• _The task_
Return the data below exactly, please, but drop the pictures.

• _Supplied data_

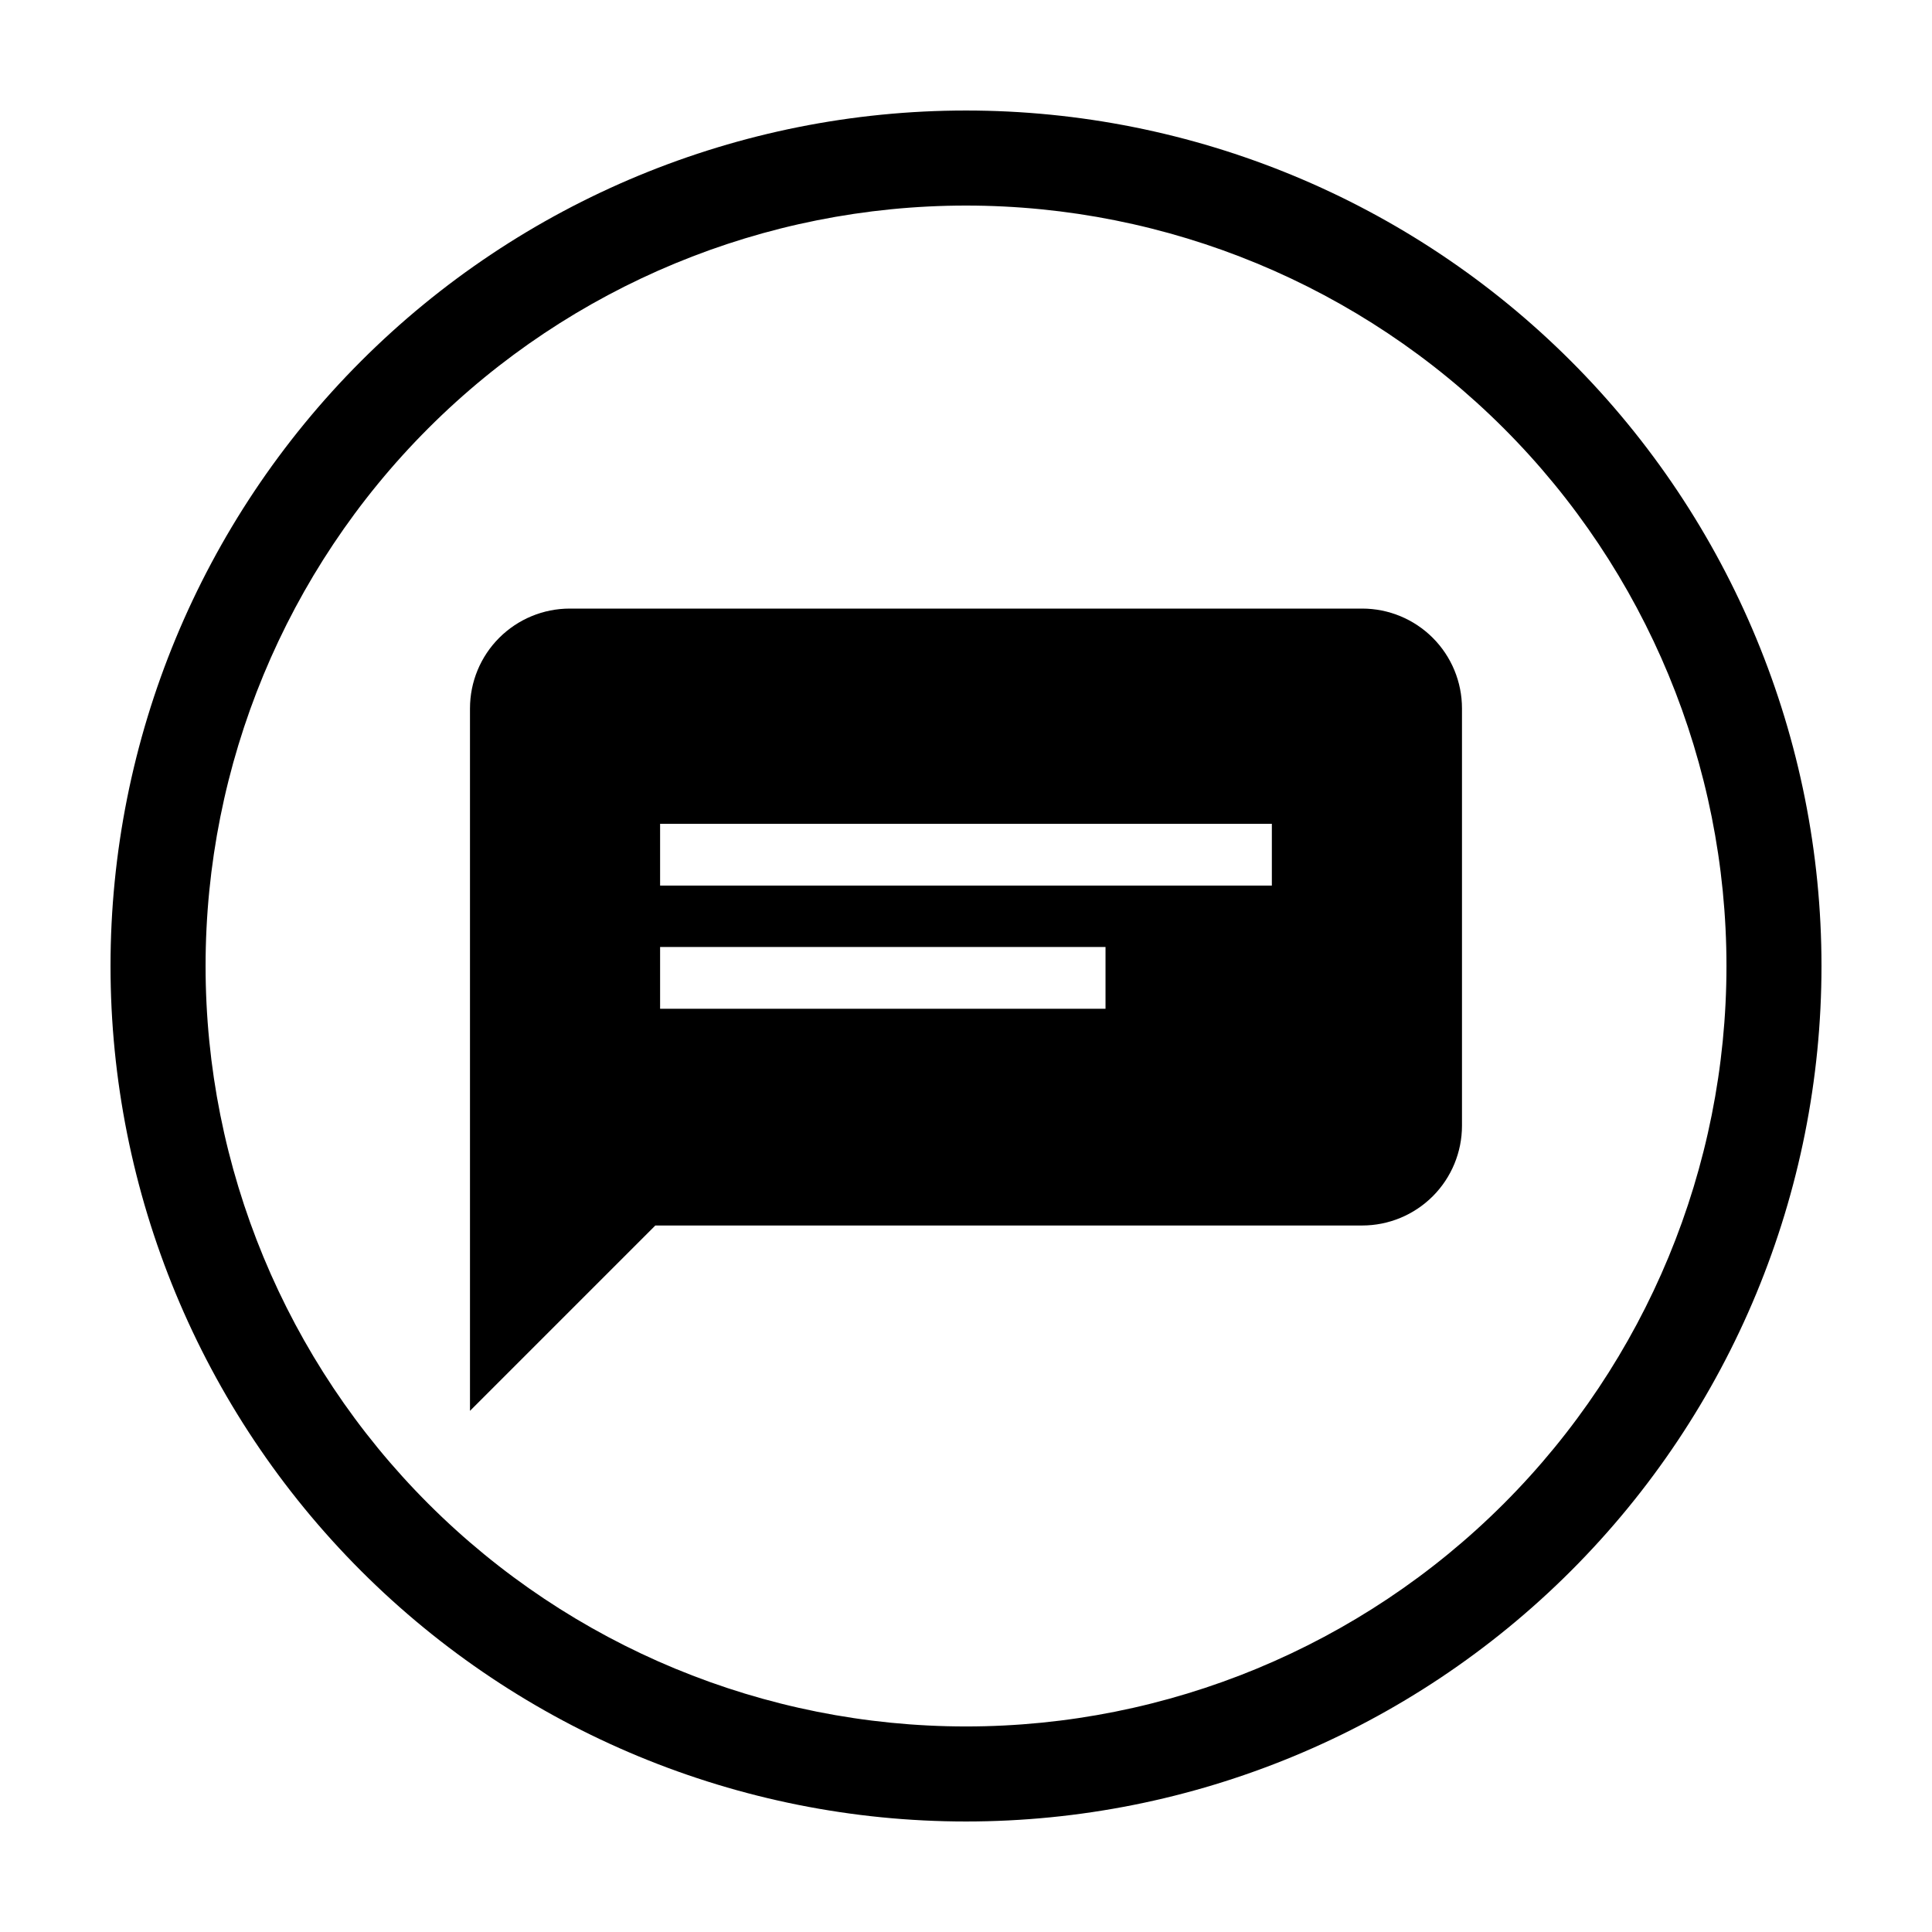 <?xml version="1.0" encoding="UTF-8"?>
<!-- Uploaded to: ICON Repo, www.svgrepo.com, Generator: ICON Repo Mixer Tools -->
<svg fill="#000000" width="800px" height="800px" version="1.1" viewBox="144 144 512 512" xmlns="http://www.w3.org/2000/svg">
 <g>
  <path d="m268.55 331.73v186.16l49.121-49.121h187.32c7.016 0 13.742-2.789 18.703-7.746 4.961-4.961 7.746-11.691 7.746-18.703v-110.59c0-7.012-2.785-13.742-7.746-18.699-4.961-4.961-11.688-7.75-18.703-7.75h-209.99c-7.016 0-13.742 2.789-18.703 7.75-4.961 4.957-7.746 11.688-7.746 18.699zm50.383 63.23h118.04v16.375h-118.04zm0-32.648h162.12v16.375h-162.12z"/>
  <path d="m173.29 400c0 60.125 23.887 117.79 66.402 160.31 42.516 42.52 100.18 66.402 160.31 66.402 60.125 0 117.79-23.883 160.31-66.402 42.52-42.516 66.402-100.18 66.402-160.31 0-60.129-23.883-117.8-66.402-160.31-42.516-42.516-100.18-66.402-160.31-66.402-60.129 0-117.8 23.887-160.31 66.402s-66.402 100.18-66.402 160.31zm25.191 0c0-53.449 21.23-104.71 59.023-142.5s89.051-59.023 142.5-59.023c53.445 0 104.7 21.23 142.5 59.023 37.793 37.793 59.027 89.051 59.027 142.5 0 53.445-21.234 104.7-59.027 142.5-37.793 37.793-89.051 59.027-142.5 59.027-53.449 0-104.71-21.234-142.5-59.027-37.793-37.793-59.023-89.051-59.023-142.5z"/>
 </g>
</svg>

• _Response_
 <?xml version="1.0" encoding="UTF-8"?>
<!-- Uploaded to: ICON Repo, www.svgrepo.com, Generator: ICON Repo Mixer Tools -->
<svg fill="#000000" width="800px" height="800px" version="1.1" viewBox="144 144 512 512" xmlns="http://www.w3.org/2000/svg">
 <g>
  <path d="m268.55 331.73v186.16l49.121-49.121h187.32c7.016 0 13.742-2.789 18.703-7.746 4.961-4.961 7.746-11.691 7.746-18.703v-110.59c0-7.012-2.785-13.742-7.746-18.699-4.961-4.961-11.688-7.75-18.703-7.75h-209.99c-7.016 0-13.742 2.789-18.703 7.75-4.961 4.957-7.746 11.688-7.746 18.699zm50.383 63.23h118.04v16.375h-118.04zm0-32.648h162.12v16.375h-162.12z"/>
  <path d="m173.29 400c0 60.125 23.887 117.79 66.402 160.31 42.516 42.52 100.18 66.402 160.31 66.402 60.125 0 117.79-23.883 160.31-66.402 42.52-42.516 66.402-100.18 66.402-160.31 0-60.129-23.883-117.8-66.402-160.31-42.516-42.516-100.18-66.402-160.31-66.402-60.129 0-117.8 23.887-160.31 66.402s-66.402 100.18-66.402 160.31zm25.191 0c0-53.449 21.23-104.71 59.023-142.5s89.051-59.023 142.5-59.023c53.445 0 104.7 21.23 142.5 59.023 37.793 37.793 59.027 89.051 59.027 142.5 0 53.445-21.234 104.7-59.027 142.5-37.793 37.793-89.051 59.027-142.5 59.027-53.449 0-104.71-21.234-142.5-59.027-37.793-37.793-59.023-89.051-59.023-142.5z"/>
 </g>
</svg>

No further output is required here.